And then there's the rather twisted romance aspect--in the past, Sarah meets a nice young man, there is some pleasant frisson, and her first kiss. Fine. But I am very disturbed that she meets that man's son and falls in love with him too! It is rather incestuous, although it didn't bother me when I was younger...

So, if you really like timeslips, and want to go somewhere interesting and moderately unusual (the blitz has been done, Liverpool not so much) in your time travel , this is a fine choice. If you are looking for a great book, perhaps not. Unless you are a young reader, perhaps a writer of poetry, perhaps more likely than the cynical older reader (me) to find Sarah's hero worship of Larke believable.
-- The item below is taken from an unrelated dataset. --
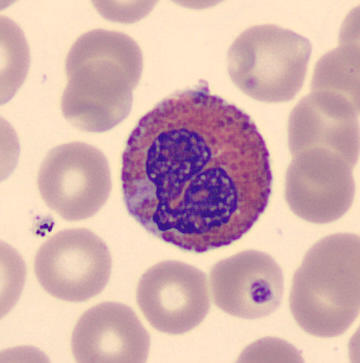Identified as an eosinophil.

Time to Go Back ended up in a lot of American Libraries, so it might still be kicking around. Mine is the last in Rhode Island to still have its copy. I just checked it's used availability, and there are a number of 1 cent ex-library copies around.
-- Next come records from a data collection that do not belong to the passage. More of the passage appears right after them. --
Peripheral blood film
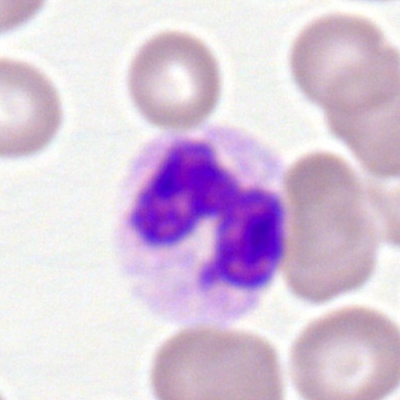

Impression → segmented neutrophil.
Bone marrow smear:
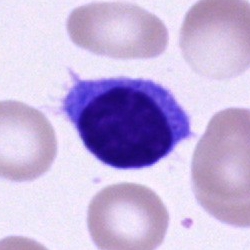The classification is typical lymphocyte.
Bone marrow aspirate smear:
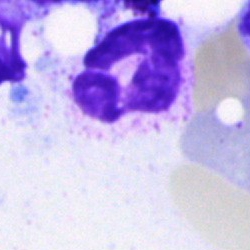Q: What is the morphological classification of this cell?
A: This is a segmented neutrophil.
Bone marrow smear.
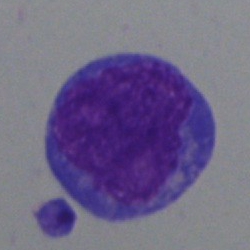
Cell type = undifferentiated blast.
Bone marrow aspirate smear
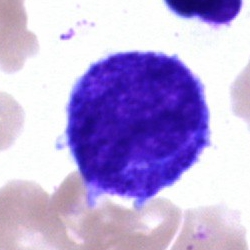

Specimen: bone marrow smear.
Cell: promyelocyte.

*Since I last read this, years ago, I married someone who lived down the street from the places in the book, and was taken to Mersyside and given the grand tour. It added interest!

Sorry that I have not been as diligent as might have been with my Timeslip Tuesday posts-- I do, however, have a queue of five in the works, so it should be more regular in the next few weeks, d.v.

3/31/09

Timeslip Tuesday- The Devil's Arithmetic

This week's Timeslip Tuesday book (it was supposed to be last week's, but things happened) is The Devil's Arithmetic, by Jane Yolen (1988). In modern-day New York, a girl named Hannah is dragging her feet about going to her family's Passover Seder. She's tired of her extended family, and their constant remembering--she knows her grandfather survived a concentration camp, but his rants about the Nazis are nothing more to her than an embarrassment. But when she opens the front door, to let the prophet Elijah in, her life changes. Now she is Chaya, living in a Polish village in 1942, and the Nazis have their concentration camps up and running.

All too soon they arrive in Chaya's village. When the Nazis round the villagers up and cram them into boxcars, the girl from the future knows she is going to have to try to survive some of the worst horrors imaginable. When she returns to the future, she, too, has memories--of death, of friendships blooming in the most unlikely places, of the blue numbers tattooed on her aunt's arm.

Yolen does a fine job of portraying the hellishness of a concentration camp, keeping her description just bearable enough for a young reader to keep reading. And she does a fine job in telling of the importance of remembering the past. I wish, though, that she'd given us a bit more of the characters. They are almost truly real, but to me they were always just a tad overshadowed by the Larger Messages. I had read this one years ago, and did not remember caring for it over much--this may have been why. Still, speaking as one who advocates the teaching of history through fiction, this is a great middle-grade book from which to learn about the Holocost.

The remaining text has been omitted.